I am attempting to optimize a very large query that has a particularly bad join condition. I have reduced the larger query down to two tables to illustrate the negative behavior I am seeing.
CREATE TABLE #test1 (Id1 INT, Id2 NVARCHAR(256))
CREATE CLUSTERED INDEX PK_test1 ON #test1 (Id1, Id2)
-- Sample (1, "a|b|c|d")
CREATE TABLE #test2 (Id1 INT, Id2 NVARCHAR(256))
CREATE CLUSTERED INDEX PK_test2 ON #test2 (Id1, Id2)
-- Sample (1, "a|b")
The join I am attempting to optimize is a postfix match (query hints added to emulate the join order as these are a part of a much larger query).
DECLARE @id INT = 1
SELECT *
FROM #test1 t1
INNER [HASH] JOIN #test2 t2 ON t1.Id1 = t2.Id1
AND t1.Id2 LIKE t2.Id2 + '%'
-- This condition is the one that is causing issues
-- WHERE t1.Id1 = @id
OPTION (FORCE ORDER)
Without the where clause, the join is able to use the HASH join hint:
However with the where clause the optimizer is unable to build that query instead decides to do this:
Substantially reducing the performance of the query.

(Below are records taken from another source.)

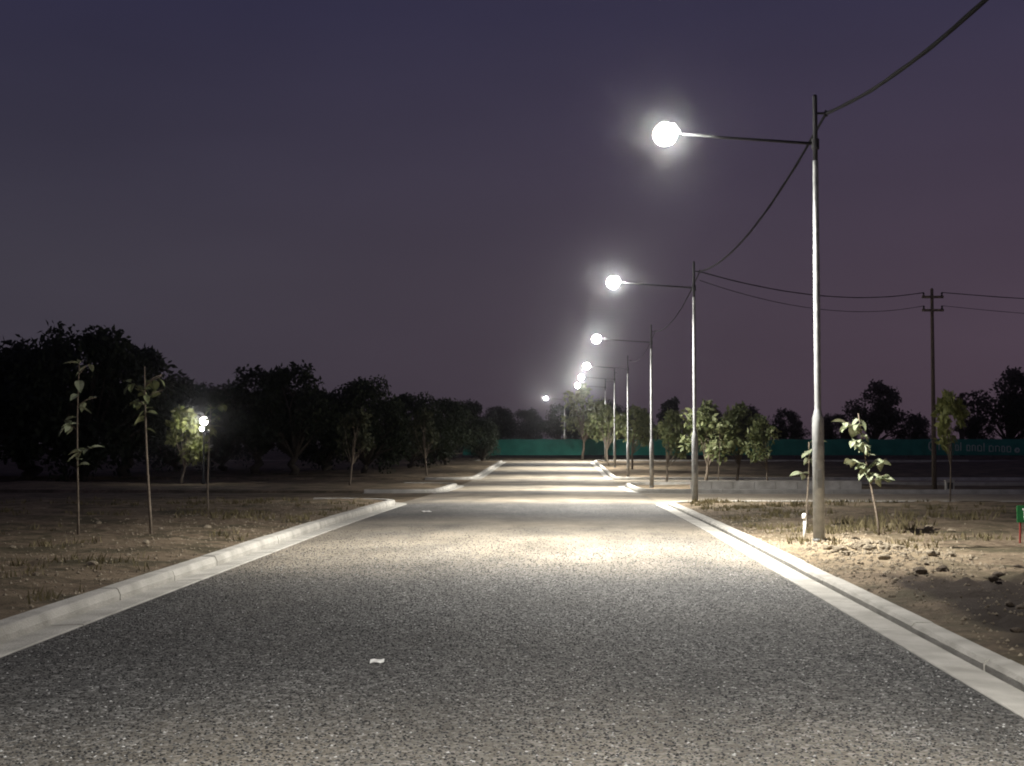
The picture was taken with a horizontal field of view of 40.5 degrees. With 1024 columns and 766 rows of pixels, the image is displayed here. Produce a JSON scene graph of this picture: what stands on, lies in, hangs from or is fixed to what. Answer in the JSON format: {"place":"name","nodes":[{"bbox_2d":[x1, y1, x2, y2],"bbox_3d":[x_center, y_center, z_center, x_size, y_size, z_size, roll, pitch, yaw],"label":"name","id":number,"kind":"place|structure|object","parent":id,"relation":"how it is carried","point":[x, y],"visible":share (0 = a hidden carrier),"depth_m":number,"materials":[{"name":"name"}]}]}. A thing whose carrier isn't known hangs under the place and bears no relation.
{"place":"outdoors","nodes":[
{"label":"outdoors","id":0,"kind":"place"},
{"bbox_2d":[0,493,433,501],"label":"side street","id":1,"kind":"structure","parent":0,"point":[400,497],"depth_m":47.24,"materials":[{"name":"grey asphalt"}]},
{"bbox_2d":[0,479,471,484],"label":"side street","id":2,"kind":"structure","parent":0,"point":[459,482],"depth_m":70.67,"materials":[{"name":"grey asphalt"}]},
{"bbox_2d":[0,461,1023,765],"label":"road","id":3,"kind":"structure","parent":0,"point":[578,501],"depth_m":10.19,"materials":[{"name":"grey asphalt"}]},
{"bbox_2d":[370,659,383,662],"bbox_3d":[-0.964,1.987,9.909,0.100,0.013,0.140,0,-2,-4],"label":"paper scrap","id":4,"kind":"object","parent":3,"relation":"on","point":[377,660],"visible":1,"depth_m":9.90,"materials":[{"name":"white paper"}]},
{"bbox_2d":[0,526,1023,765],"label":"chippings","id":5,"kind":"object","parent":3,"relation":"on","point":[566,759],"visible":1,"depth_m":9.42,"materials":[{"name":"gravel"}]},
{"bbox_2d":[0,446,1023,665],"bbox_3d":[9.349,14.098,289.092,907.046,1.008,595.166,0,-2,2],"label":"ground","id":6,"kind":"structure","parent":0,"point":[45,513],"depth_m":27.05,"materials":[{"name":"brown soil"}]},
{"bbox_2d":[0,343,54,450],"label":"tree","id":7,"kind":"object","parent":6,"relation":"on","point":[5,406],"visible":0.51,"depth_m":69.64,"materials":[{"name":"green plant"}]},
{"bbox_2d":[0,334,126,479],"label":"tree","id":8,"kind":"object","parent":6,"relation":"on","point":[30,471],"visible":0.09,"depth_m":73.40,"materials":[{"name":"green plant"}]},
{"bbox_2d":[59,360,103,534],"bbox_3d":[-7.042,1.112,22.770,0.668,2.997,0.791,2,-3,-43],"label":"sapling","id":9,"kind":"object","parent":6,"relation":"on","point":[68,427],"visible":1,"depth_m":22.78,"materials":[{"name":"green plant"}]},
{"bbox_2d":[0,319,180,481],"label":"tree","id":10,"kind":"object","parent":6,"relation":"on","point":[54,374],"visible":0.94,"depth_m":69.12,"materials":[{"name":"green plant"}]},
{"bbox_2d":[86,561,97,565],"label":"stone","id":11,"kind":"object","parent":6,"relation":"on","point":[90,563],"visible":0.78,"depth_m":16.75,"materials":[{"name":"stone"}]},
{"bbox_2d":[78,339,199,475],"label":"tree","id":12,"kind":"object","parent":6,"relation":"on","point":[154,364],"visible":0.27,"depth_m":76.30,"materials":[{"name":"green plant"}]},
{"bbox_2d":[124,366,164,533],"bbox_3d":[-6.096,1.166,22.939,0.776,2.872,0.494,0,-2,2],"label":"sapling","id":13,"kind":"object","parent":6,"relation":"on","point":[154,385],"visible":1,"depth_m":22.83,"materials":[{"name":"green plant"}]},
{"bbox_2d":[142,539,149,543],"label":"stone","id":14,"kind":"object","parent":6,"relation":"on","point":[145,541],"visible":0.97,"depth_m":20.23,"materials":[{"name":"stone"}]},
{"bbox_2d":[120,379,238,471],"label":"tree","id":15,"kind":"object","parent":6,"relation":"on","point":[168,454],"visible":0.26,"depth_m":84.07,"materials":[{"name":"green plant"}]},
{"bbox_2d":[164,404,210,483],"bbox_3d":[-14.412,2.757,61.743,2.009,3.687,2.805,1,-6,-1],"label":"young tree","id":16,"kind":"object","parent":6,"relation":"on","point":[183,419],"visible":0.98,"depth_m":61.28,"materials":[{"name":"green plant"}]},
{"bbox_2d":[0,498,405,657],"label":"kerb","id":17,"kind":"structure","parent":6,"relation":"on","point":[21,631],"depth_m":14.95,"materials":[{"name":"concrete"}]},
{"bbox_2d":[200,417,208,483],"bbox_3d":[-13.337,2.983,60.389,0.535,3.011,0.360,0,-2,2],"label":"garden lamp","id":18,"kind":"object","parent":6,"relation":"on","point":[203,423],"visible":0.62,"depth_m":60.34,"materials":[{"name":"metal"}]},
{"bbox_2d":[198,403,226,514],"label":"sapling","id":19,"kind":"object","parent":6,"relation":"on","point":[211,429],"visible":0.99,"depth_m":29.23,"materials":[{"name":"green plant"}]},
{"bbox_2d":[188,381,274,470],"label":"tree","id":20,"kind":"object","parent":6,"relation":"on","point":[223,456],"visible":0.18,"depth_m":87.66,"materials":[{"name":"green plant"}]},
{"bbox_2d":[202,363,316,473],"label":"tree","id":21,"kind":"object","parent":6,"relation":"on","point":[233,416],"visible":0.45,"depth_m":79.45,"materials":[{"name":"green plant"}]},
{"bbox_2d":[236,359,344,474],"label":"tree","id":22,"kind":"object","parent":6,"relation":"on","point":[267,401],"visible":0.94,"depth_m":77.52,"materials":[{"name":"green plant"}]},
{"bbox_2d":[277,388,354,470],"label":"tree","id":23,"kind":"object","parent":6,"relation":"on","point":[322,456],"visible":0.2,"depth_m":85.97,"materials":[{"name":"green plant"}]},
{"bbox_2d":[334,406,375,484],"bbox_3d":[-6.652,2.674,58.423,1.911,3.439,1.483,0,-2,-2],"label":"young tree","id":24,"kind":"object","parent":6,"relation":"on","point":[360,419],"visible":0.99,"depth_m":58.27,"materials":[{"name":"green plant"}]},
{"bbox_2d":[318,374,417,473],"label":"tree","id":25,"kind":"object","parent":6,"relation":"on","point":[358,394],"visible":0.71,"depth_m":79.69,"materials":[{"name":"green plant"}]},
{"bbox_2d":[364,482,462,492],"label":"kerb","id":26,"kind":"structure","parent":6,"relation":"on","point":[450,487],"depth_m":51.33,"materials":[{"name":"concrete"}]},
{"bbox_2d":[374,391,457,467],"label":"tree","id":27,"kind":"object","parent":6,"relation":"on","point":[413,405],"visible":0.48,"depth_m":92.11,"materials":[{"name":"green plant"}]},
{"bbox_2d":[406,408,440,475],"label":"young tree","id":28,"kind":"object","parent":6,"relation":"on","point":[431,435],"visible":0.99,"depth_m":76.08,"materials":[{"name":"green plant"}]},
{"bbox_2d":[416,397,486,464],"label":"tree","id":29,"kind":"object","parent":6,"relation":"on","point":[458,411],"visible":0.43,"depth_m":97.44,"materials":[{"name":"green plant"}]},
{"bbox_2d":[425,460,505,479],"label":"kerb","id":30,"kind":"structure","parent":6,"relation":"on","point":[487,471],"depth_m":79.39,"materials":[{"name":"concrete"}]},
{"bbox_2d":[457,399,498,445],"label":"tree","id":31,"kind":"object","parent":6,"relation":"on","point":[475,409],"visible":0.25,"depth_m":177.48,"materials":[{"name":"green plant"}]},
{"bbox_2d":[459,419,500,460],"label":"tree","id":32,"kind":"object","parent":6,"relation":"on","point":[490,441],"visible":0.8,"depth_m":111.61,"materials":[{"name":"green plant"}]},
{"bbox_2d":[481,405,523,438],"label":"tree","id":33,"kind":"object","parent":6,"relation":"on","point":[506,430],"visible":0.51,"depth_m":189.21,"materials":[{"name":"green plant"}]},
{"bbox_2d":[509,407,544,438],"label":"tree","id":34,"kind":"object","parent":6,"relation":"on","point":[531,419],"visible":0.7,"depth_m":199.14,"materials":[{"name":"green plant"}]},
{"bbox_2d":[544,394,564,438],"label":"street lamp","id":35,"kind":"object","parent":6,"relation":"on","point":[545,398],"visible":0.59,"depth_m":167.85,"materials":[{"name":"metal"}]},
{"bbox_2d":[536,403,579,438],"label":"tree","id":36,"kind":"object","parent":6,"relation":"on","point":[549,427],"visible":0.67,"depth_m":193.59,"materials":[{"name":"green plant"}]},
{"bbox_2d":[560,383,607,459],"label":"young tree","id":37,"kind":"object","parent":6,"relation":"on","point":[578,417],"visible":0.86,"depth_m":121.79,"materials":[{"name":"green plant"}]},
{"bbox_2d":[575,379,607,461],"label":"street lamp","id":38,"kind":"object","parent":6,"relation":"on","point":[577,385],"visible":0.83,"depth_m":112.83,"materials":[{"name":"metal"}]},
{"bbox_2d":[570,399,623,438],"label":"tree","id":39,"kind":"object","parent":6,"relation":"on","point":[612,406],"visible":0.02,"depth_m":184.02,"materials":[{"name":"green plant"}]},
{"bbox_2d":[579,368,616,467],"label":"street lamp","id":40,"kind":"object","parent":6,"relation":"on","point":[581,376],"visible":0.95,"depth_m":94.74,"materials":[{"name":"metal"}]},
{"bbox_2d":[583,355,630,476],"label":"street lamp","id":41,"kind":"object","parent":6,"relation":"on","point":[587,365],"visible":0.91,"depth_m":76.39,"materials":[{"name":"metal"}]},
{"bbox_2d":[587,403,630,465],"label":"young tree","id":42,"kind":"object","parent":6,"relation":"on","point":[606,411],"visible":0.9,"depth_m":100.70,"materials":[{"name":"green plant"}]},
{"bbox_2d":[592,324,655,487],"bbox_3d":[4.653,1.099,57.486,2.640,7.070,0.350,0,-2,2],"label":"street lamp","id":43,"kind":"object","parent":6,"relation":"on","point":[596,338],"visible":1,"depth_m":57.42,"materials":[{"name":"metal"}]},
{"bbox_2d":[610,406,655,438],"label":"tree","id":44,"kind":"object","parent":6,"relation":"on","point":[633,418],"visible":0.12,"depth_m":178.61,"materials":[{"name":"green plant"}]},
{"bbox_2d":[613,404,661,469],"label":"young tree","id":45,"kind":"object","parent":6,"relation":"on","point":[641,420],"visible":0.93,"depth_m":89.64,"materials":[{"name":"green plant"}]},
{"bbox_2d":[607,261,700,500],"bbox_3d":[3.993,0.105,38.924,2.640,7.070,0.350,0,-2,2],"label":"street lamp","id":46,"kind":"object","parent":6,"relation":"on","point":[612,281],"visible":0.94,"depth_m":38.87,"materials":[{"name":"metal"}]},
{"bbox_2d":[655,273,698,331],"bbox_3d":[5.612,-2.460,48.296,0.039,0.583,18.603,0,-2,2],"label":"overhead cable","id":47,"kind":"object","parent":46,"relation":"attached to","point":[681,307],"visible":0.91,"depth_m":44.95,"materials":[{"name":"black plastic"}]},
{"bbox_2d":[653,396,683,438],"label":"tree","id":48,"kind":"object","parent":6,"relation":"on","point":[671,403],"visible":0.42,"depth_m":148.81,"materials":[{"name":"green plant"}]},
{"bbox_2d":[653,407,692,481],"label":"young tree","id":49,"kind":"object","parent":6,"relation":"on","point":[670,438],"visible":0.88,"depth_m":65.76,"materials":[{"name":"green plant"}]},
{"bbox_2d":[692,406,725,432],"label":"tree","id":50,"kind":"object","parent":6,"relation":"on","point":[718,416],"visible":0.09,"depth_m":188.34,"materials":[{"name":"green plant"}]},
{"bbox_2d":[677,399,744,480],"bbox_3d":[8.827,2.619,60.739,3.124,3.908,2.882,2,-3,-42],"label":"young tree","id":51,"kind":"object","parent":6,"relation":"on","point":[707,440],"visible":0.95,"depth_m":60.36,"materials":[{"name":"green plant"}]},
{"bbox_2d":[712,424,726,480],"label":"sapling","id":52,"kind":"object","parent":6,"relation":"on","point":[716,445],"visible":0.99,"depth_m":56.67,"materials":[{"name":"green plant"}]},
{"bbox_2d":[712,401,766,480],"bbox_3d":[10.060,2.718,62.383,2.762,3.905,2.189,-1,-3,28],"label":"young tree","id":53,"kind":"object","parent":6,"relation":"on","point":[740,411],"visible":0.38,"depth_m":62.18,"materials":[{"name":"green plant"}]},
{"bbox_2d":[653,94,827,541],"bbox_3d":[3.471,-0.845,20.925,2.640,7.070,0.350,0,-2,2],"label":"street lamp","id":54,"kind":"object","parent":6,"relation":"on","point":[664,134],"visible":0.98,"depth_m":20.86,"materials":[{"name":"metal"}]},
{"bbox_2d":[699,115,824,271],"bbox_3d":[5.021,-3.404,30.015,0.049,0.627,18.034,0,-2,2],"label":"overhead cable","id":55,"kind":"object","parent":54,"relation":"attached to","point":[784,183],"visible":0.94,"depth_m":25.78,"materials":[{"name":"black plastic"}]},
{"bbox_2d":[825,0,988,114],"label":"overhead cable","id":56,"kind":"object","parent":54,"relation":"attached to","point":[966,16],"visible":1,"depth_m":15.58,"materials":[{"name":"black plastic"}]},
{"bbox_2d":[463,438,1021,458],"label":"fence","id":57,"kind":"object","parent":6,"relation":"on","point":[796,447],"visible":0.52,"depth_m":124.94,"materials":[{"name":"teal fabric"}]},
{"bbox_2d":[925,439,1023,454],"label":"banner","id":58,"kind":"object","parent":57,"relation":"attached to","point":[988,447],"visible":0.91,"depth_m":123.90,"materials":[{"name":"fabric"}]},
{"bbox_2d":[718,404,770,438],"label":"tree","id":59,"kind":"object","parent":6,"relation":"on","point":[753,413],"visible":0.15,"depth_m":144.43,"materials":[{"name":"green plant"}]},
{"bbox_2d":[739,416,781,480],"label":"young tree","id":60,"kind":"object","parent":6,"relation":"on","point":[760,438],"visible":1,"depth_m":59.31,"materials":[{"name":"green plant"}]},
{"bbox_2d":[689,481,860,488],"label":"wall","id":61,"kind":"structure","parent":6,"relation":"on","point":[773,484],"depth_m":50.82,"materials":[{"name":"grey concrete"}]},
{"bbox_2d":[770,408,810,438],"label":"tree","id":62,"kind":"object","parent":6,"relation":"on","point":[796,428],"visible":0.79,"depth_m":148.37,"materials":[{"name":"green plant"}]},
{"bbox_2d":[802,513,806,538],"bbox_3d":[4.592,2.307,21.784,0.072,0.516,0.068,0,-2,2],"label":"vent pipe","id":63,"kind":"object","parent":6,"relation":"on","point":[804,517],"visible":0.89,"depth_m":21.76,"materials":[{"name":"white plastic"}]},
{"bbox_2d":[590,460,1023,480],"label":"kerb","id":64,"kind":"structure","parent":6,"relation":"on","point":[600,468],"depth_m":73.61,"materials":[{"name":"concrete"}]},
{"bbox_2d":[790,440,826,526],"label":"sapling","id":65,"kind":"object","parent":6,"relation":"on","point":[806,461],"visible":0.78,"depth_m":25.29,"materials":[{"name":"green plant"}]},
{"bbox_2d":[618,482,1023,493],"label":"kerb","id":66,"kind":"structure","parent":6,"relation":"on","point":[630,487],"depth_m":50.16,"materials":[{"name":"concrete"}]},
{"bbox_2d":[656,500,1023,718],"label":"kerb","id":67,"kind":"structure","parent":6,"relation":"on","point":[994,677],"depth_m":12.18,"materials":[{"name":"concrete"}]},
{"bbox_2d":[823,413,857,438],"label":"tree","id":68,"kind":"object","parent":6,"relation":"on","point":[830,426],"visible":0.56,"depth_m":146.01,"materials":[{"name":"green plant"}]},
{"bbox_2d":[837,546,847,551],"bbox_3d":[4.452,2.235,18.668,0.136,0.091,0.128,2,-3,-44],"label":"stone","id":69,"kind":"object","parent":6,"relation":"on","point":[843,548],"visible":0.86,"depth_m":18.62,"materials":[{"name":"beige stone"}]},
{"bbox_2d":[854,542,865,546],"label":"stone","id":70,"kind":"object","parent":6,"relation":"on","point":[859,544],"visible":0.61,"depth_m":18.85,"materials":[{"name":"beige stone"}]},
{"bbox_2d":[831,413,894,534],"bbox_3d":[5.902,1.594,23.219,0.982,2.173,0.679,0,-2,2],"label":"sapling","id":71,"kind":"object","parent":6,"relation":"on","point":[862,446],"visible":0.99,"depth_m":23.27,"materials":[{"name":"green plant"}]},
{"bbox_2d":[862,545,872,550],"bbox_3d":[4.780,2.222,18.651,0.133,0.088,0.147,-1,-3,28],"label":"stone","id":72,"kind":"object","parent":6,"relation":"on","point":[869,547],"visible":0.95,"depth_m":18.61,"materials":[{"name":"beige stone"}]},
{"bbox_2d":[840,379,925,438],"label":"tree","id":73,"kind":"object","parent":6,"relation":"on","point":[884,417],"visible":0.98,"depth_m":143.07,"materials":[{"name":"green plant"}]},
{"bbox_2d":[877,553,890,559],"bbox_3d":[4.801,2.254,17.883,0.182,0.113,0.166,0,-2,-2],"label":"stone","id":74,"kind":"object","parent":6,"relation":"on","point":[884,556],"visible":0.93,"depth_m":17.82,"materials":[{"name":"beige stone"}]},
{"bbox_2d":[879,545,889,549],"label":"stone","id":75,"kind":"object","parent":6,"relation":"on","point":[883,547],"visible":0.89,"depth_m":18.68,"materials":[{"name":"beige stone"}]},
{"bbox_2d":[896,414,930,438],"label":"tree","id":76,"kind":"object","parent":6,"relation":"on","point":[918,433],"visible":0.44,"depth_m":147.94,"materials":[{"name":"green plant"}]},
{"bbox_2d":[913,566,927,573],"bbox_3d":[4.846,2.232,16.471,0.157,0.112,0.167,0,-3,-6],"label":"clod","id":77,"kind":"object","parent":6,"relation":"on","point":[920,570],"visible":0.79,"depth_m":16.41,"materials":[{"name":"brown soil"}]},
{"bbox_2d":[924,526,933,530],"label":"stone","id":78,"kind":"object","parent":6,"relation":"on","point":[930,528],"visible":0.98,"depth_m":24.16,"materials":[{"name":"brown stone"}]},
{"bbox_2d":[926,549,937,555],"bbox_3d":[5.538,2.250,18.321,0.156,0.105,0.147,1,-3,-14],"label":"stone","id":79,"kind":"object","parent":6,"relation":"on","point":[931,552],"visible":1,"depth_m":18.27,"materials":[{"name":"beige stone"}]},
{"bbox_2d":[922,288,943,489],"bbox_3d":[15.840,0.362,52.119,0.800,7.900,0.245,0,-2,2],"label":"utility pole","id":80,"kind":"object","parent":6,"relation":"on","point":[931,310],"visible":0.96,"depth_m":52.11,"materials":[{"name":"brown wood"}]},
{"bbox_2d":[700,280,920,311],"bbox_3d":[10.390,-2.775,45.597,0.020,0.856,16.668,-2,-3,38],"label":"overhead cable","id":81,"kind":"object","parent":80,"relation":"attached to","point":[808,307],"visible":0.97,"depth_m":44.54,"materials":[{"name":"black plastic"}]},
{"bbox_2d":[701,272,923,297],"bbox_3d":[10.391,-3.220,45.618,0.033,0.976,16.670,-2,-3,38],"label":"overhead cable","id":82,"kind":"object","parent":80,"relation":"attached to","point":[805,293],"visible":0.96,"depth_m":44.06,"materials":[{"name":"black plastic"}]},
{"bbox_2d":[942,292,1023,298],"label":"overhead cable","id":83,"kind":"object","parent":80,"relation":"attached to","point":[983,295],"visible":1,"depth_m":52.29,"materials":[{"name":"black plastic"}]},
{"bbox_2d":[942,305,1023,313],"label":"overhead cable","id":84,"kind":"object","parent":80,"relation":"attached to","point":[981,309],"visible":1,"depth_m":52.26,"materials":[{"name":"black plastic"}]},
{"bbox_2d":[936,565,948,571],"bbox_3d":[5.135,2.219,16.546,0.143,0.102,0.152,-2,-3,41],"label":"clod","id":85,"kind":"object","parent":6,"relation":"on","point":[941,568],"visible":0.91,"depth_m":16.50,"materials":[{"name":"brown soil"}]},
{"bbox_2d":[944,480,954,488],"bbox_3d":[16.087,3.782,50.991,0.340,0.430,0.260,0,-2,2],"label":"meter box","id":86,"kind":"object","parent":6,"relation":"on","point":[947,484],"visible":0.64,"depth_m":50.88,"materials":[{"name":"metal"}]},
{"bbox_2d":[930,389,970,501],"bbox_3d":[12.092,1.771,38.596,1.143,3.236,0.996,2,-3,-32],"label":"young tree","id":87,"kind":"object","parent":6,"relation":"on","point":[947,404],"visible":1,"depth_m":38.50,"materials":[{"name":"green plant"}]},
{"bbox_2d":[945,551,955,556],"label":"stone","id":88,"kind":"object","parent":6,"relation":"on","point":[952,554],"visible":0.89,"depth_m":18.65,"materials":[{"name":"beige stone"}]},
{"bbox_2d":[954,392,970,455],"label":"tree","id":89,"kind":"object","parent":6,"relation":"on","point":[961,431],"visible":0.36,"depth_m":138.44,"materials":[{"name":"green plant"}]},
{"bbox_2d":[965,414,1000,438],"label":"tree","id":90,"kind":"object","parent":6,"relation":"on","point":[975,432],"visible":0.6,"depth_m":149.79,"materials":[{"name":"green plant"}]},
{"bbox_2d":[988,575,998,581],"bbox_3d":[5.150,2.096,14.843,0.108,0.080,0.118,-1,-3,22],"label":"clod","id":91,"kind":"object","parent":6,"relation":"on","point":[992,578],"visible":0.99,"depth_m":14.81,"materials":[{"name":"brown soil"}]},
{"bbox_2d":[964,366,1023,455],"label":"tree","id":92,"kind":"object","parent":6,"relation":"on","point":[1014,378],"visible":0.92,"depth_m":137.79,"materials":[{"name":"green plant"}]},
{"bbox_2d":[991,571,1003,576],"bbox_3d":[5.592,2.216,15.942,0.169,0.105,0.154,1,-3,-27],"label":"clod","id":93,"kind":"object","parent":6,"relation":"on","point":[998,574],"visible":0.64,"depth_m":15.89,"materials":[{"name":"brown soil"}]},
{"bbox_2d":[1005,601,1014,605],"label":"clod","id":94,"kind":"object","parent":6,"relation":"on","point":[1008,603],"visible":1,"depth_m":12.86,"materials":[{"name":"brown soil"}]},
{"bbox_2d":[1002,385,1023,438],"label":"tree","id":95,"kind":"object","parent":6,"relation":"on","point":[1021,427],"visible":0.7,"depth_m":136.18,"materials":[{"name":"green plant"}]},
{"bbox_2d":[1010,627,1023,632],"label":"clod","id":96,"kind":"object","parent":6,"relation":"on","point":[1015,629],"visible":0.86,"depth_m":11.41,"materials":[{"name":"brown soil"}]},
{"bbox_2d":[1016,603,1023,608],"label":"clod","id":97,"kind":"object","parent":6,"relation":"on","point":[1020,606],"visible":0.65,"depth_m":12.69,"materials":[{"name":"brown soil"}]},
{"bbox_2d":[1017,505,1023,542],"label":"lot sign","id":98,"kind":"object","parent":6,"relation":"on","point":[1020,514],"visible":0.81,"depth_m":21.29,"materials":[{"name":"metal"}]},
{"bbox_2d":[0,495,1023,603],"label":"grass","id":99,"kind":"structure","parent":0,"point":[860,523],"depth_m":27.11,"materials":[{"name":"green plant"}]},
{"bbox_2d":[0,0,1023,445],"label":"sky","id":100,"kind":"structure","parent":0,"point":[441,198],"materials":[{"name":"purple"}]},
{"bbox_2d":[108,460,1019,461],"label":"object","id":101,"kind":"structure","parent":0,"point":[593,460],"depth_m":119.95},
{"bbox_2d":[614,480,1023,484],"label":"side street","id":102,"kind":"structure","parent":0,"point":[622,482],"depth_m":72.74,"materials":[{"name":"grey asphalt"}]},
{"bbox_2d":[640,493,1023,502],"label":"side street","id":103,"kind":"structure","parent":0,"point":[663,498],"depth_m":45.15,"materials":[{"name":"grey asphalt"}]}
]}

As the where condition is reducing the data sets from both tables, I would have expected it to be strictly better, however it is completely changing the seek. It also prevents the join from being a hash or merge join, and it is not clear at all why that would be the case as it should just be reducing the search space for both tables.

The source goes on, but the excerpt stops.